■ **Assignment**:
Leaving the pictures aside, repeat each line below exactly.

------

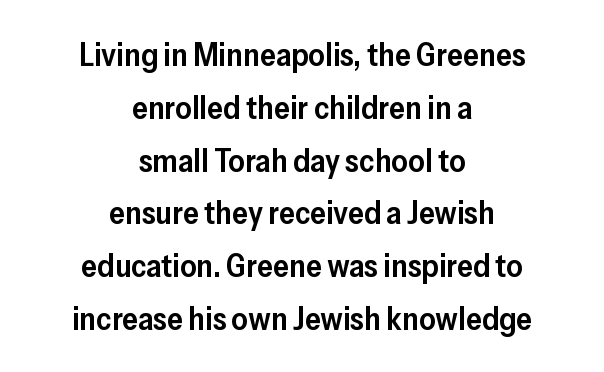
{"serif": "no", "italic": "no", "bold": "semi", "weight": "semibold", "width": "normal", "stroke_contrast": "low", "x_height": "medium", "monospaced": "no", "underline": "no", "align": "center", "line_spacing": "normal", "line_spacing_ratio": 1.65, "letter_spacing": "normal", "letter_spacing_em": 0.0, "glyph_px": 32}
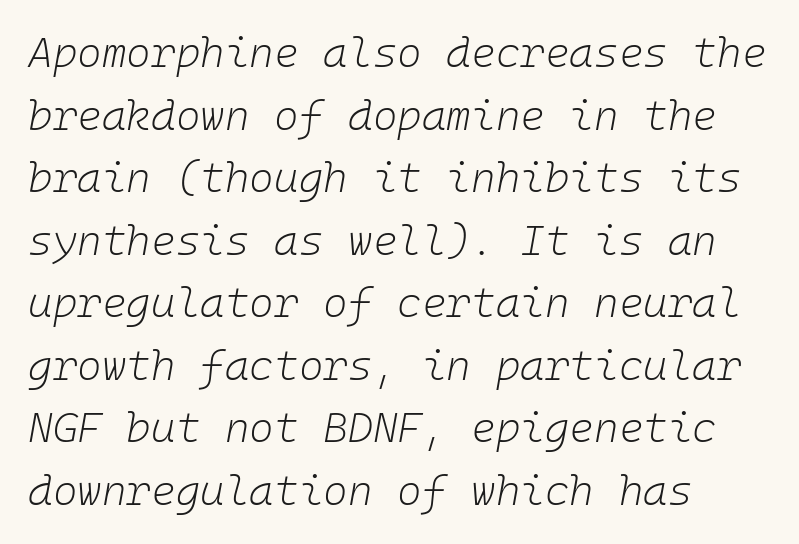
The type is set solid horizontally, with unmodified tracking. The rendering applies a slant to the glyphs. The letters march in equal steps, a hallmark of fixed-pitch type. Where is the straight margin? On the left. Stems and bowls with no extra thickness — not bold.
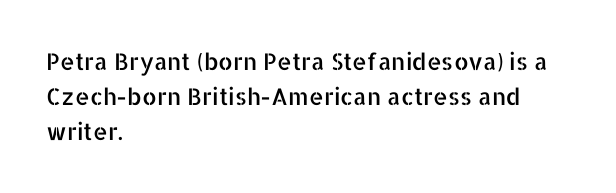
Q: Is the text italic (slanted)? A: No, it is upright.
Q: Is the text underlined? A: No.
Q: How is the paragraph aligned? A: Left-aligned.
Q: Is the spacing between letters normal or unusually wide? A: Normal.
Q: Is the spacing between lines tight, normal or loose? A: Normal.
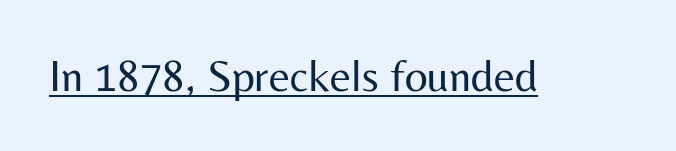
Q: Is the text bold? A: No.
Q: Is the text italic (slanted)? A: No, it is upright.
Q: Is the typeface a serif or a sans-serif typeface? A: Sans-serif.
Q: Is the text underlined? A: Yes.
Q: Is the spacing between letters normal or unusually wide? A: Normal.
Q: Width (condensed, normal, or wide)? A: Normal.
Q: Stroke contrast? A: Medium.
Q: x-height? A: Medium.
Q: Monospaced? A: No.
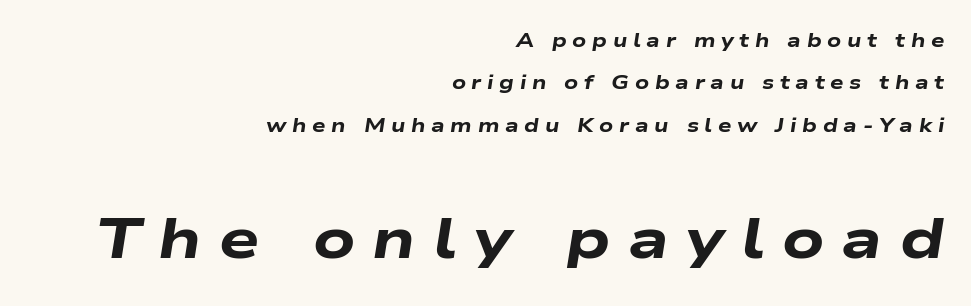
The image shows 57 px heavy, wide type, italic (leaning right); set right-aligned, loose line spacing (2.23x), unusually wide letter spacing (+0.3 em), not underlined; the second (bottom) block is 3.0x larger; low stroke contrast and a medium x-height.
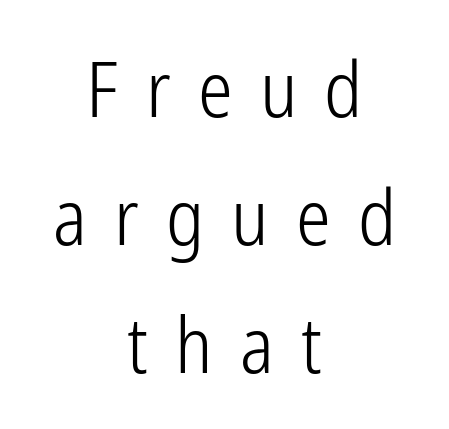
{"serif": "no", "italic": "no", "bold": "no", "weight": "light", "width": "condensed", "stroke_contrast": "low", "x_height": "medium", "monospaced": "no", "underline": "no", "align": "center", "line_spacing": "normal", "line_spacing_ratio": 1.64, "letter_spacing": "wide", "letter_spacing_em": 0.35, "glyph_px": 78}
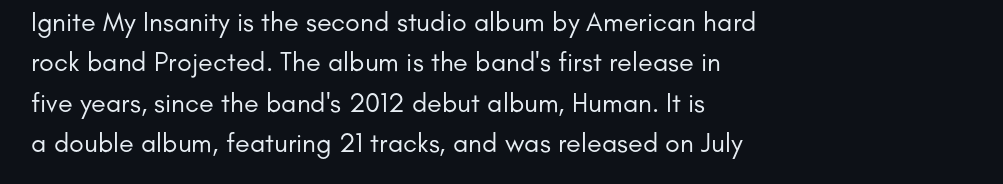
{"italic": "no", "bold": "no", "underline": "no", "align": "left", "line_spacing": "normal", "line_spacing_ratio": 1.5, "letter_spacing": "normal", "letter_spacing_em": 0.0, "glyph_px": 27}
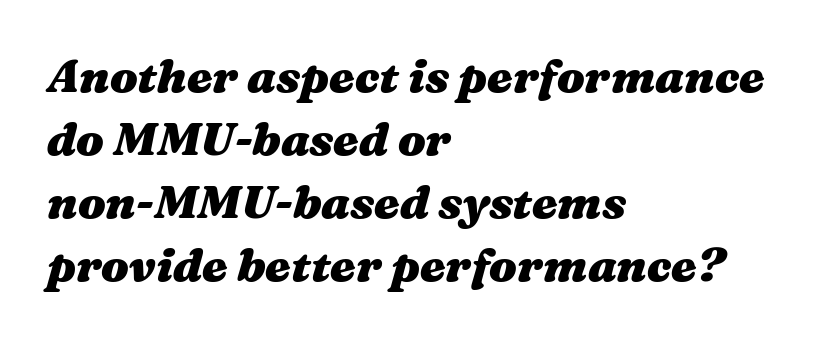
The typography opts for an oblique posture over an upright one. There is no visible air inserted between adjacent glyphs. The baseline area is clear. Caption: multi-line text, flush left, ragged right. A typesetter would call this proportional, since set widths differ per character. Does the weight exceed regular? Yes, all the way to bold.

------

■ **Task result**:
{"serif": "no", "italic": "no", "bold": "semi", "weight": "semibold", "width": "normal", "stroke_contrast": "low", "x_height": "medium", "monospaced": "no", "underline": "no", "align": "center", "line_spacing": "normal", "line_spacing_ratio": 1.65, "letter_spacing": "normal", "letter_spacing_em": 0.0, "glyph_px": 32}
The type is set solid horizontally, with unmodified tracking. The rendering applies a slant to the glyphs. The letters march in equal steps, a hallmark of fixed-pitch type. Where is the straight margin? On the left. Stems and bowls with no extra thickness — not bold.
Q: Is the text italic (slanted)? A: No, it is upright.
Q: Is the text underlined? A: No.
Q: How is the paragraph aligned? A: Left-aligned.
Q: Is the spacing between letters normal or unusually wide? A: Normal.
Q: Is the spacing between lines tight, normal or loose? A: Normal.
Q: Is the text bold? A: No.
Q: Is the text italic (slanted)? A: No, it is upright.
Q: Is the typeface a serif or a sans-serif typeface? A: Sans-serif.
Q: Is the text underlined? A: Yes.
Q: Is the spacing between letters normal or unusually wide? A: Normal.
Q: Width (condensed, normal, or wide)? A: Normal.
Q: Stroke contrast? A: Medium.
Q: x-height? A: Medium.
Q: Monospaced? A: No.
The image shows 57 px heavy, wide type, italic (leaning right); set right-aligned, loose line spacing (2.23x), unusually wide letter spacing (+0.3 em), not underlined; the second (bottom) block is 3.0x larger; low stroke contrast and a medium x-height.
{"serif": "no", "italic": "no", "bold": "no", "weight": "light", "width": "condensed", "stroke_contrast": "low", "x_height": "medium", "monospaced": "no", "underline": "no", "align": "center", "line_spacing": "normal", "line_spacing_ratio": 1.64, "letter_spacing": "wide", "letter_spacing_em": 0.35, "glyph_px": 78}
{"italic": "no", "bold": "no", "underline": "no", "align": "left", "line_spacing": "normal", "line_spacing_ratio": 1.5, "letter_spacing": "normal", "letter_spacing_em": 0.0, "glyph_px": 27}
The typography opts for an oblique posture over an upright one. There is no visible air inserted between adjacent glyphs. The baseline area is clear. Caption: multi-line text, flush left, ragged right. A typesetter would call this proportional, since set widths differ per character. Does the weight exceed regular? Yes, all the way to bold.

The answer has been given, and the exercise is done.